Con l’ordinanza n. 1364 del 20 gennaio 2025, la Corte di Cassazione ha ribadito che, in caso di licenziamento per giustificato motivo oggettivo, il datore di lavoro, per assolvere l’obbligo di repechage, è tenuto esclusivamente a dimostrare l’inesistenza di posizioni vacanti compatibili con le mansioni del lavoratore, senza l’obbligo di estendere la ricerca a funzioni non strettamente correlate.
La vicenda riguarda un dipendente che ha impugnato giudizialmente il licenziamento per giustificato motivo oggettivo, disposto a seguito della soppressione della sua posizione lavorativa. La Corte d’Appello ha rigettato il ricorso, ritenendo che la società avesse correttamente assolto l’obbligo di repechage valutando solo posizioni disponibili simili a quella del lavoratore.
Confermando tale orientamento, la Cassazione ha chiarito che il datore di lavoro non è tenuto a creare nuove posizioni o a modificare l’organizzazione aziendale per conservare il posto al lavoratore licenziato.
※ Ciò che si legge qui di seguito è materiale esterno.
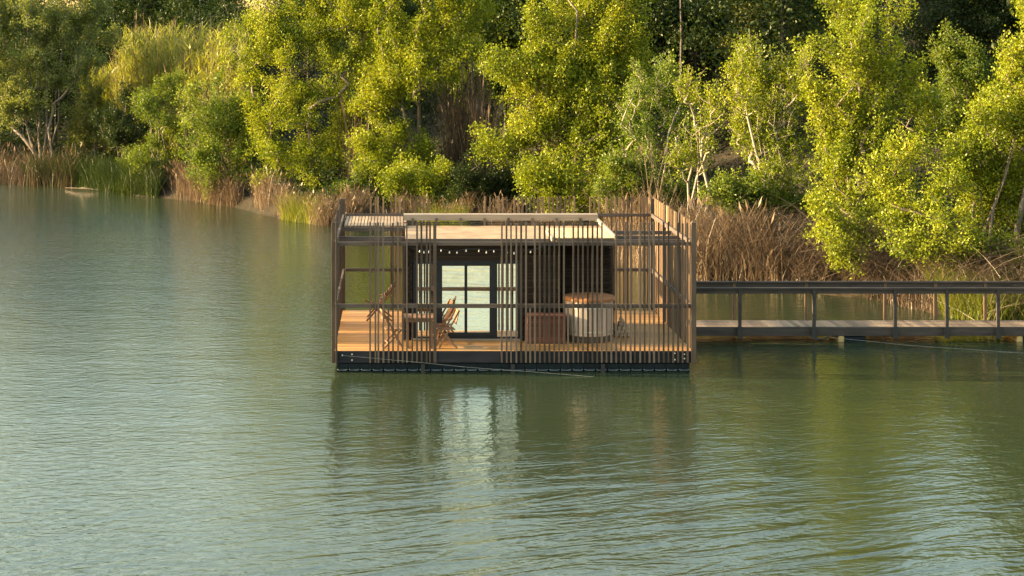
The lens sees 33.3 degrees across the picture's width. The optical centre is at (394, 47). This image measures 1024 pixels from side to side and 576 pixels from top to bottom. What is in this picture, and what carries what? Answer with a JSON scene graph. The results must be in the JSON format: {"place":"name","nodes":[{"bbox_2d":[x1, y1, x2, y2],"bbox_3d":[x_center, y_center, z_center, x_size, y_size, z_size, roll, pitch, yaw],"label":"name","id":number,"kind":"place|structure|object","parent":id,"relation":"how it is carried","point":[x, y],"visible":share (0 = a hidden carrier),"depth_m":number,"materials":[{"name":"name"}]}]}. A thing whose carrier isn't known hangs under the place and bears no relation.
{"place":"outdoors","nodes":[
{"label":"outdoors","id":0,"kind":"place"},
{"bbox_2d":[3,0,278,45],"label":"sky","id":1,"kind":"structure","parent":0,"point":[262,5],"materials":[{"name":"white"}]},
{"bbox_2d":[0,184,1023,575],"bbox_3d":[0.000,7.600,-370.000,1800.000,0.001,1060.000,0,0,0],"label":"lake","id":2,"kind":"structure","parent":0,"point":[180,394],"depth_m":33.39,"materials":[{"name":"green liquid"}]},
{"bbox_2d":[0,137,802,280],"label":"reed bed","id":3,"kind":"object","parent":2,"relation":"in","point":[267,191],"visible":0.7,"depth_m":72.92,"materials":[{"name":"brown plant"}]},
{"bbox_2d":[332,196,695,372],"bbox_3d":[2.788,6.054,43.097,8.585,4.091,6.365,0,0,0],"label":"floating cabin","id":4,"kind":"object","parent":2,"relation":"on","point":[497,295],"visible":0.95,"depth_m":41.16,"materials":[{"name":"wood"}]},
{"bbox_2d":[365,281,395,321],"bbox_3d":[-0.368,6.555,44.200,0.830,0.960,0.741,0,0,0],"label":"deck chair","id":5,"kind":"object","parent":4,"relation":"on","point":[387,292],"visible":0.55,"depth_m":43.92,"materials":[{"name":"brown wood"}]},
{"bbox_2d":[379,308,401,348],"bbox_3d":[-0.083,6.648,40.543,0.525,0.924,0.460,0,0,-9],"label":"folding chair","id":6,"kind":"object","parent":4,"relation":"on","point":[395,329],"visible":0.73,"depth_m":40.41,"materials":[{"name":"brown wood"}]},
{"bbox_2d":[404,313,432,347],"bbox_3d":[0.580,6.736,40.642,0.731,0.721,0.685,0,0,0],"label":"dining table","id":7,"kind":"object","parent":4,"relation":"on","point":[414,317],"visible":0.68,"depth_m":40.34,"materials":[{"name":"brown wood"}]},
{"bbox_2d":[437,308,454,344],"bbox_3d":[1.172,6.648,41.011,0.525,0.924,0.460,0,0,11],"label":"folding chair","id":8,"kind":"object","parent":4,"relation":"on","point":[449,314],"visible":0.63,"depth_m":40.82,"materials":[{"name":"brown wood"}]},
{"bbox_2d":[437,308,459,348],"bbox_3d":[1.260,6.648,40.505,0.525,0.924,0.460,0,0,-7],"label":"folding chair","id":9,"kind":"object","parent":4,"relation":"on","point":[456,311],"visible":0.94,"depth_m":40.32,"materials":[{"name":"brown wood"}]},
{"bbox_2d":[436,264,465,336],"bbox_3d":[1.349,6.125,41.447,0.755,1.764,0.046,0,0,0],"label":"glass door","id":10,"kind":"structure","parent":4,"relation":"in","point":[450,278],"depth_m":41.44,"materials":[{"name":"clear glass"}]},
{"bbox_2d":[342,355,590,376],"bbox_3d":[1.740,7.405,39.742,5.948,0.418,0.072,0,0,5],"label":"mooring rope","id":11,"kind":"object","parent":4,"relation":"attached to","point":[469,367],"visible":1,"depth_m":39.76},
{"bbox_2d":[413,261,519,338],"bbox_3d":[1.755,6.130,41.444,2.604,1.920,0.068,0,0,0],"label":"window","id":12,"kind":"structure","parent":4,"relation":"in","point":[498,263],"depth_m":41.44,"materials":[{"name":"clear glass"}]},
{"bbox_2d":[410,246,543,254],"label":"string lights","id":13,"kind":"object","parent":4,"relation":"hanging from","point":[478,250],"visible":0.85,"depth_m":40.90,"materials":[{"name":"white glass"}]},
{"bbox_2d":[466,264,496,336],"bbox_3d":[2.109,6.125,41.447,0.755,1.764,0.046,0,0,0],"label":"glass door","id":14,"kind":"structure","parent":4,"relation":"in","point":[481,279],"depth_m":41.44,"materials":[{"name":"clear glass"}]},
{"bbox_2d":[527,312,565,343],"bbox_3d":[3.645,6.755,41.165,0.950,0.679,0.470,0,0,0],"label":"slatted cabinet","id":15,"kind":"object","parent":4,"relation":"on","point":[542,327],"visible":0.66,"depth_m":40.95,"materials":[{"name":"brown wood"}]},
{"bbox_2d":[565,292,614,342],"bbox_3d":[4.730,6.546,41.580,1.294,1.092,1.311,0,0,0],"label":"hot tub","id":16,"kind":"object","parent":4,"relation":"on","point":[608,298],"visible":0.59,"depth_m":41.11,"materials":[{"name":"white"}]},
{"bbox_2d":[673,281,1023,341],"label":"footbridge","id":17,"kind":"object","parent":2,"relation":"on","point":[854,330],"visible":0.85,"depth_m":44.13,"materials":[{"name":"black metal"}]},
{"bbox_2d":[831,337,1017,352],"bbox_3d":[13.847,7.540,43.089,5.505,0.169,0.137,0,0,18],"label":"mooring rope","id":18,"kind":"object","parent":2,"relation":"on","point":[924,346],"visible":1,"depth_m":43.18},
{"bbox_2d":[0,0,1023,314],"bbox_3d":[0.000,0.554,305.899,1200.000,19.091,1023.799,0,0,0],"label":"hillside","id":19,"kind":"structure","parent":0,"point":[730,156],"depth_m":77.31,"materials":[{"name":"green plant"}]},
{"bbox_2d":[0,0,126,159],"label":"willow tree","id":20,"kind":"object","parent":19,"relation":"on","point":[49,31],"visible":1,"depth_m":96.56,"materials":[{"name":"green plant"}]},
{"bbox_2d":[63,81,121,159],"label":"shrub","id":21,"kind":"object","parent":19,"relation":"on","point":[80,127],"visible":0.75,"depth_m":96.53,"materials":[{"name":"green plant"}]},
{"bbox_2d":[15,149,179,197],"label":"cove grass","id":22,"kind":"structure","parent":19,"relation":"on","point":[118,180],"depth_m":91.44,"materials":[{"name":"green plant"}]},
{"bbox_2d":[87,78,161,158],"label":"shrub","id":23,"kind":"object","parent":19,"relation":"on","point":[111,134],"visible":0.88,"depth_m":93.31,"materials":[{"name":"green plant"}]},
{"bbox_2d":[115,140,177,178],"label":"shrub","id":24,"kind":"object","parent":19,"relation":"on","point":[134,155],"visible":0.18,"depth_m":90.07,"materials":[{"name":"green plant"}]},
{"bbox_2d":[122,67,194,175],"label":"shrub","id":25,"kind":"object","parent":19,"relation":"on","point":[149,104],"visible":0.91,"depth_m":88.73,"materials":[{"name":"green plant"}]},
{"bbox_2d":[77,0,245,52],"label":"evergreen tree","id":26,"kind":"object","parent":19,"relation":"on","point":[150,6],"visible":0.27,"depth_m":117.15,"materials":[{"name":"green plant"}]},
{"bbox_2d":[69,1,265,166],"bbox_3d":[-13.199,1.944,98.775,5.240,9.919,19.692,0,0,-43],"label":"cane thicket","id":27,"kind":"object","parent":19,"relation":"on","point":[181,54],"visible":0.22,"depth_m":97.40,"materials":[{"name":"green plant"}]},
{"bbox_2d":[166,66,276,201],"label":"poplar bush","id":28,"kind":"object","parent":19,"relation":"on","point":[230,127],"visible":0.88,"depth_m":83.16,"materials":[{"name":"green plant"}]},
{"bbox_2d":[216,0,405,192],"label":"poplar tree","id":29,"kind":"object","parent":19,"relation":"on","point":[316,30],"visible":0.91,"depth_m":79.43,"materials":[{"name":"green plant"}]},
{"bbox_2d":[319,139,386,198],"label":"shrub","id":30,"kind":"object","parent":19,"relation":"on","point":[369,175],"visible":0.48,"depth_m":77.36,"materials":[{"name":"green plant"}]},
{"bbox_2d":[328,0,436,166],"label":"shade tree","id":31,"kind":"object","parent":19,"relation":"on","point":[410,10],"visible":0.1,"depth_m":86.97,"materials":[{"name":"green plant"}]},
{"bbox_2d":[374,147,462,209],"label":"poplar bush","id":32,"kind":"object","parent":19,"relation":"on","point":[409,177],"visible":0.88,"depth_m":73.79,"materials":[{"name":"green plant"}]},
{"bbox_2d":[169,48,668,228],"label":"dry canes","id":33,"kind":"object","parent":19,"relation":"on","point":[455,149],"visible":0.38,"depth_m":77.37,"materials":[{"name":"plant"}]},
{"bbox_2d":[341,0,502,199],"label":"poplar tree","id":34,"kind":"object","parent":19,"relation":"on","point":[392,75],"visible":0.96,"depth_m":76.55,"materials":[{"name":"green plant"}]},
{"bbox_2d":[439,138,527,211],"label":"shrub","id":35,"kind":"object","parent":19,"relation":"on","point":[505,184],"visible":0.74,"depth_m":72.74,"materials":[{"name":"green plant"}]},
{"bbox_2d":[445,0,539,150],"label":"broadleaf tree","id":36,"kind":"object","parent":19,"relation":"on","point":[496,89],"visible":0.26,"depth_m":85.17,"materials":[{"name":"green plant"}]},
{"bbox_2d":[0,0,1023,158],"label":"woodland","id":37,"kind":"object","parent":19,"relation":"on","point":[776,4],"depth_m":83.19,"materials":[{"name":"green plant"}]},
{"bbox_2d":[0,0,1023,280],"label":"undergrowth","id":38,"kind":"object","parent":19,"relation":"on","point":[4,138],"visible":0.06,"depth_m":79.60,"materials":[{"name":"green plant"}]},
{"bbox_2d":[510,141,612,225],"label":"poplar bush","id":39,"kind":"object","parent":19,"relation":"on","point":[554,181],"visible":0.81,"depth_m":66.74,"materials":[{"name":"green plant"}]},
{"bbox_2d":[465,0,660,207],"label":"poplar tree","id":40,"kind":"object","parent":19,"relation":"on","point":[561,72],"visible":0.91,"depth_m":69.65,"materials":[{"name":"green plant"}]},
{"bbox_2d":[585,138,696,225],"bbox_3d":[9.098,5.122,62.054,4.363,3.773,2.607,0,0,-37],"label":"shrub","id":41,"kind":"object","parent":19,"relation":"on","point":[612,164],"visible":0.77,"depth_m":61.50,"materials":[{"name":"green plant"}]},
{"bbox_2d":[271,189,1023,319],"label":"bank grass","id":42,"kind":"structure","parent":19,"relation":"on","point":[956,312],"depth_m":48.22,"materials":[{"name":"green plant"}]},
{"bbox_2d":[609,49,696,204],"bbox_3d":[9.727,3.425,64.431,3.517,6.806,2.787,0,0,0],"label":"young tree","id":43,"kind":"object","parent":19,"relation":"on","point":[672,116],"visible":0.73,"depth_m":64.18,"materials":[{"name":"green plant"}]},
{"bbox_2d":[660,57,730,233],"bbox_3d":[10.459,3.678,59.970,2.573,6.734,2.610,0,0,0],"label":"young tree","id":44,"kind":"object","parent":19,"relation":"on","point":[712,107],"visible":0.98,"depth_m":59.72,"materials":[{"name":"green plant"}]},
{"bbox_2d":[623,0,773,107],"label":"pine tree","id":45,"kind":"object","parent":19,"relation":"on","point":[662,39],"visible":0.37,"depth_m":79.27,"materials":[{"name":"green plant"}]},
{"bbox_2d":[694,166,829,227],"bbox_3d":[12.406,5.502,57.167,4.975,3.190,2.015,0,0,-26],"label":"shrub","id":46,"kind":"object","parent":19,"relation":"on","point":[727,190],"visible":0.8,"depth_m":56.72,"materials":[{"name":"green plant"}]},
{"bbox_2d":[711,30,819,221],"bbox_3d":[12.598,3.245,57.855,3.631,7.832,3.311,0,0,12],"label":"young tree","id":47,"kind":"object","parent":19,"relation":"on","point":[756,132],"visible":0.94,"depth_m":57.95,"materials":[{"name":"green plant"}]},
{"bbox_2d":[706,0,836,97],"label":"pine tree","id":48,"kind":"object","parent":19,"relation":"on","point":[798,23],"visible":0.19,"depth_m":73.46,"materials":[{"name":"green plant"}]},
{"bbox_2d":[568,191,1023,319],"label":"dead brush","id":49,"kind":"object","parent":19,"relation":"on","point":[805,262],"visible":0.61,"depth_m":53.04,"materials":[{"name":"brown plant"}]},
{"bbox_2d":[787,0,958,278],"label":"poplar tree","id":50,"kind":"object","parent":19,"relation":"on","point":[835,148],"visible":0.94,"depth_m":53.77,"materials":[{"name":"green plant"}]},
{"bbox_2d":[844,0,1023,280],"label":"poplar tree","id":51,"kind":"object","parent":19,"relation":"on","point":[1000,185],"visible":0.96,"depth_m":50.07,"materials":[{"name":"green plant"}]},
{"bbox_2d":[876,0,1023,79],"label":"evergreen tree","id":52,"kind":"object","parent":19,"relation":"on","point":[986,19],"visible":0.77,"depth_m":73.59,"materials":[{"name":"green plant"}]},
{"bbox_2d":[889,223,1021,276],"bbox_3d":[16.998,6.141,50.078,4.769,2.083,2.704,0,0,0],"label":"shrub","id":53,"kind":"object","parent":19,"relation":"on","point":[908,267],"visible":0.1,"depth_m":50.37,"materials":[{"name":"green plant"}]},
{"bbox_2d":[910,16,1022,168],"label":"young tree","id":54,"kind":"object","parent":19,"relation":"on","point":[953,75],"visible":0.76,"depth_m":63.68,"materials":[{"name":"green plant"}]}
]}

Spetta unicamente all’imprenditore il potere di gestione aziendale, e il giudice non può imporre il mantenimento di una posizione lavorativa, neppure inferiore, in assenza di un posto vacante compatibile con la professionalità del dipendente.
Sulla base di tali principi, la Suprema Corte ha rigettato il ricorso del lavoratore, confermando la legittimità del licenziamento e l’adeguato assolvimento dell’obbligo di repechage da parte del datore di lavoro.